Assigned task = Reproduce the listing below word for word.

Dataset entries =
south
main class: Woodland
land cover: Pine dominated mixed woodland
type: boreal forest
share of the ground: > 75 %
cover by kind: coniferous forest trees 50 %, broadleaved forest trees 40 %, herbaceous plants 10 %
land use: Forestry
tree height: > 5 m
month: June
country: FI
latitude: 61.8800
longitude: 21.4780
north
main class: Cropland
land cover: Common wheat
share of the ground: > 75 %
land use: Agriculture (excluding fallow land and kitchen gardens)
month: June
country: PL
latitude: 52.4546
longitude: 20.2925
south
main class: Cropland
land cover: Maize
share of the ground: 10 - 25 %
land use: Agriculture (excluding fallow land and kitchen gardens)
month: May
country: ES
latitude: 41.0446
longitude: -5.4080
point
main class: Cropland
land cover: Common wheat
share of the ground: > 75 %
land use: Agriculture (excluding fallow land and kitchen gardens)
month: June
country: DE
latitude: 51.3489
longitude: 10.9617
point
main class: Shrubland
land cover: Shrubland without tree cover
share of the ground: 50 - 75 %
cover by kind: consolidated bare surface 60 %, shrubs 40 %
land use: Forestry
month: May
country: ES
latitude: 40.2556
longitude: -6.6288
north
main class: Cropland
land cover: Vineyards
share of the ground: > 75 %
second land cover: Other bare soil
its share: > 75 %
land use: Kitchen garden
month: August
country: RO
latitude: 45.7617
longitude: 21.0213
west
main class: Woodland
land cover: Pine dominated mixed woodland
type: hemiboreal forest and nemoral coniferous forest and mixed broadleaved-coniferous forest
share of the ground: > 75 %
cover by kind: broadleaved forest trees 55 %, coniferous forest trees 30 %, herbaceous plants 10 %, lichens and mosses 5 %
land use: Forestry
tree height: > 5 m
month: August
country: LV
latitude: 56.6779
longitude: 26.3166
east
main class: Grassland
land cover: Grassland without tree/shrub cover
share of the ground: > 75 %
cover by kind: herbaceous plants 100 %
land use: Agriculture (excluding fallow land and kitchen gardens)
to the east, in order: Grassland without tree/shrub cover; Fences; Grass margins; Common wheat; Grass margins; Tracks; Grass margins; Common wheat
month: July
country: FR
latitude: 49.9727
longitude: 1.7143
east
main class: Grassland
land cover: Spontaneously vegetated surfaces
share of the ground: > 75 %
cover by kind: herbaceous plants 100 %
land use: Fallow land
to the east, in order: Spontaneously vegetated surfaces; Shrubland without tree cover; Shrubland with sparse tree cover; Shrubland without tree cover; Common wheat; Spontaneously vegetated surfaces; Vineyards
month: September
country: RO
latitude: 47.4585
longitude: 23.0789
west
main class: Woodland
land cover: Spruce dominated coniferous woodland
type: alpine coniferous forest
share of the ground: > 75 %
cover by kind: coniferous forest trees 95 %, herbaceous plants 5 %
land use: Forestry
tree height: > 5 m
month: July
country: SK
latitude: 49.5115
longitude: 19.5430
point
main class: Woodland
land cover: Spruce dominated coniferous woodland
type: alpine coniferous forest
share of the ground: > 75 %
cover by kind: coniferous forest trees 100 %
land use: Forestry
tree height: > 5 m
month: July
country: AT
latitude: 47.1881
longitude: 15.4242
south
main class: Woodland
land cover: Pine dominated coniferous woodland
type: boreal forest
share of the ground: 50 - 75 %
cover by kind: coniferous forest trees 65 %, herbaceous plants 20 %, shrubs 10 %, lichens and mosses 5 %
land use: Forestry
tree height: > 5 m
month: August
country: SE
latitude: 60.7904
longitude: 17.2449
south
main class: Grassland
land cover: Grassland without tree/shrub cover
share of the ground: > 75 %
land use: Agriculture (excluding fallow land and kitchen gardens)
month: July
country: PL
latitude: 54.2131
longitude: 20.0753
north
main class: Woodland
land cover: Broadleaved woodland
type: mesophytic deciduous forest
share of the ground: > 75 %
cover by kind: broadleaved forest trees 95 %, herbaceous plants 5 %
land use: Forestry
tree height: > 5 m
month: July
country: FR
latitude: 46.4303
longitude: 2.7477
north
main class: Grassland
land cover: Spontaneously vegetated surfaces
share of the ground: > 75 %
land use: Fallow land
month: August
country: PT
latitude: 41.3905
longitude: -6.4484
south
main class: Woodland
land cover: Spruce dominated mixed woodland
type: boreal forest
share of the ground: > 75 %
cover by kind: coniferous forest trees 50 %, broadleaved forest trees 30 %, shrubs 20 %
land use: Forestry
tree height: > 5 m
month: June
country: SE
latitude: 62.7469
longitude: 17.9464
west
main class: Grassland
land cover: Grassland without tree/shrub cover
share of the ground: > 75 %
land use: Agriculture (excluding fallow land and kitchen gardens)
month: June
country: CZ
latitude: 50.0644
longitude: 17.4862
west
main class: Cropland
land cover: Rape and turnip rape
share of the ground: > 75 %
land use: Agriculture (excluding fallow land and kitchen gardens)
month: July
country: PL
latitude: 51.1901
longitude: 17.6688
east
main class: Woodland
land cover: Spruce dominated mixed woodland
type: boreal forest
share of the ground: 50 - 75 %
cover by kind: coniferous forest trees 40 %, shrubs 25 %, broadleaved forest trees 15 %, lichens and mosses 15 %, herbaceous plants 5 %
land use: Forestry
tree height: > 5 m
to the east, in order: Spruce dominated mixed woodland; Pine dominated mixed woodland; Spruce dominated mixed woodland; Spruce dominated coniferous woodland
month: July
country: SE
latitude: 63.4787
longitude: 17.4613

Task output =
south
main class: Woodland
land cover: Pine dominated mixed woodland
type: boreal forest
share of the ground: > 75 %
cover by kind: coniferous forest trees 50 %, broadleaved forest trees 40 %, herbaceous plants 10 %
land use: Forestry
tree height: > 5 m
month: June
country: FI
latitude: 61.8800
longitude: 21.4780
north
main class: Cropland
land cover: Common wheat
share of the ground: > 75 %
land use: Agriculture (excluding fallow land and kitchen gardens)
month: June
country: PL
latitude: 52.4546
longitude: 20.2925
south
main class: Cropland
land cover: Maize
share of the ground: 10 - 25 %
land use: Agriculture (excluding fallow land and kitchen gardens)
month: May
country: ES
latitude: 41.0446
longitude: -5.4080
point
main class: Cropland
land cover: Common wheat
share of the ground: > 75 %
land use: Agriculture (excluding fallow land and kitchen gardens)
month: June
country: DE
latitude: 51.3489
longitude: 10.9617
point
main class: Shrubland
land cover: Shrubland without tree cover
share of the ground: 50 - 75 %
cover by kind: consolidated bare surface 60 %, shrubs 40 %
land use: Forestry
month: May
country: ES
latitude: 40.2556
longitude: -6.6288
north
main class: Cropland
land cover: Vineyards
share of the ground: > 75 %
second land cover: Other bare soil
its share: > 75 %
land use: Kitchen garden
month: August
country: RO
latitude: 45.7617
longitude: 21.0213
west
main class: Woodland
land cover: Pine dominated mixed woodland
type: hemiboreal forest and nemoral coniferous forest and mixed broadleaved-coniferous forest
share of the ground: > 75 %
cover by kind: broadleaved forest trees 55 %, coniferous forest trees 30 %, herbaceous plants 10 %, lichens and mosses 5 %
land use: Forestry
tree height: > 5 m
month: August
country: LV
latitude: 56.6779
longitude: 26.3166
east
main class: Grassland
land cover: Grassland without tree/shrub cover
share of the ground: > 75 %
cover by kind: herbaceous plants 100 %
land use: Agriculture (excluding fallow land and kitchen gardens)
to the east, in order: Grassland without tree/shrub cover; Fences; Grass margins; Common wheat; Grass margins; Tracks; Grass margins; Common wheat
month: July
country: FR
latitude: 49.9727
longitude: 1.7143
east
main class: Grassland
land cover: Spontaneously vegetated surfaces
share of the ground: > 75 %
cover by kind: herbaceous plants 100 %
land use: Fallow land
to the east, in order: Spontaneously vegetated surfaces; Shrubland without tree cover; Shrubland with sparse tree cover; Shrubland without tree cover; Common wheat; Spontaneously vegetated surfaces; Vineyards
month: September
country: RO
latitude: 47.4585
longitude: 23.0789
west
main class: Woodland
land cover: Spruce dominated coniferous woodland
type: alpine coniferous forest
share of the ground: > 75 %
cover by kind: coniferous forest trees 95 %, herbaceous plants 5 %
land use: Forestry
tree height: > 5 m
month: July
country: SK
latitude: 49.5115
longitude: 19.5430
point
main class: Woodland
land cover: Spruce dominated coniferous woodland
type: alpine coniferous forest
share of the ground: > 75 %
cover by kind: coniferous forest trees 100 %
land use: Forestry
tree height: > 5 m
month: July
country: AT
latitude: 47.1881
longitude: 15.4242
south
main class: Woodland
land cover: Pine dominated coniferous woodland
type: boreal forest
share of the ground: 50 - 75 %
cover by kind: coniferous forest trees 65 %, herbaceous plants 20 %, shrubs 10 %, lichens and mosses 5 %
land use: Forestry
tree height: > 5 m
month: August
country: SE
latitude: 60.7904
longitude: 17.2449
south
main class: Grassland
land cover: Grassland without tree/shrub cover
share of the ground: > 75 %
land use: Agriculture (excluding fallow land and kitchen gardens)
month: July
country: PL
latitude: 54.2131
longitude: 20.0753
north
main class: Woodland
land cover: Broadleaved woodland
type: mesophytic deciduous forest
share of the ground: > 75 %
cover by kind: broadleaved forest trees 95 %, herbaceous plants 5 %
land use: Forestry
tree height: > 5 m
month: July
country: FR
latitude: 46.4303
longitude: 2.7477
north
main class: Grassland
land cover: Spontaneously vegetated surfaces
share of the ground: > 75 %
land use: Fallow land
month: August
country: PT
latitude: 41.3905
longitude: -6.4484
south
main class: Woodland
land cover: Spruce dominated mixed woodland
type: boreal forest
share of the ground: > 75 %
cover by kind: coniferous forest trees 50 %, broadleaved forest trees 30 %, shrubs 20 %
land use: Forestry
tree height: > 5 m
month: June
country: SE
latitude: 62.7469
longitude: 17.9464
west
main class: Grassland
land cover: Grassland without tree/shrub cover
share of the ground: > 75 %
land use: Agriculture (excluding fallow land and kitchen gardens)
month: June
country: CZ
latitude: 50.0644
longitude: 17.4862
west
main class: Cropland
land cover: Rape and turnip rape
share of the ground: > 75 %
land use: Agriculture (excluding fallow land and kitchen gardens)
month: July
country: PL
latitude: 51.1901
longitude: 17.6688
east
main class: Woodland
land cover: Spruce dominated mixed woodland
type: boreal forest
share of the ground: 50 - 75 %
cover by kind: coniferous forest trees 40 %, shrubs 25 %, broadleaved forest trees 15 %, lichens and mosses 15 %, herbaceous plants 5 %
land use: Forestry
tree height: > 5 m
to the east, in order: Spruce dominated mixed woodland; Pine dominated mixed woodland; Spruce dominated mixed woodland; Spruce dominated coniferous woodland
month: July
country: SE
latitude: 63.4787
longitude: 17.4613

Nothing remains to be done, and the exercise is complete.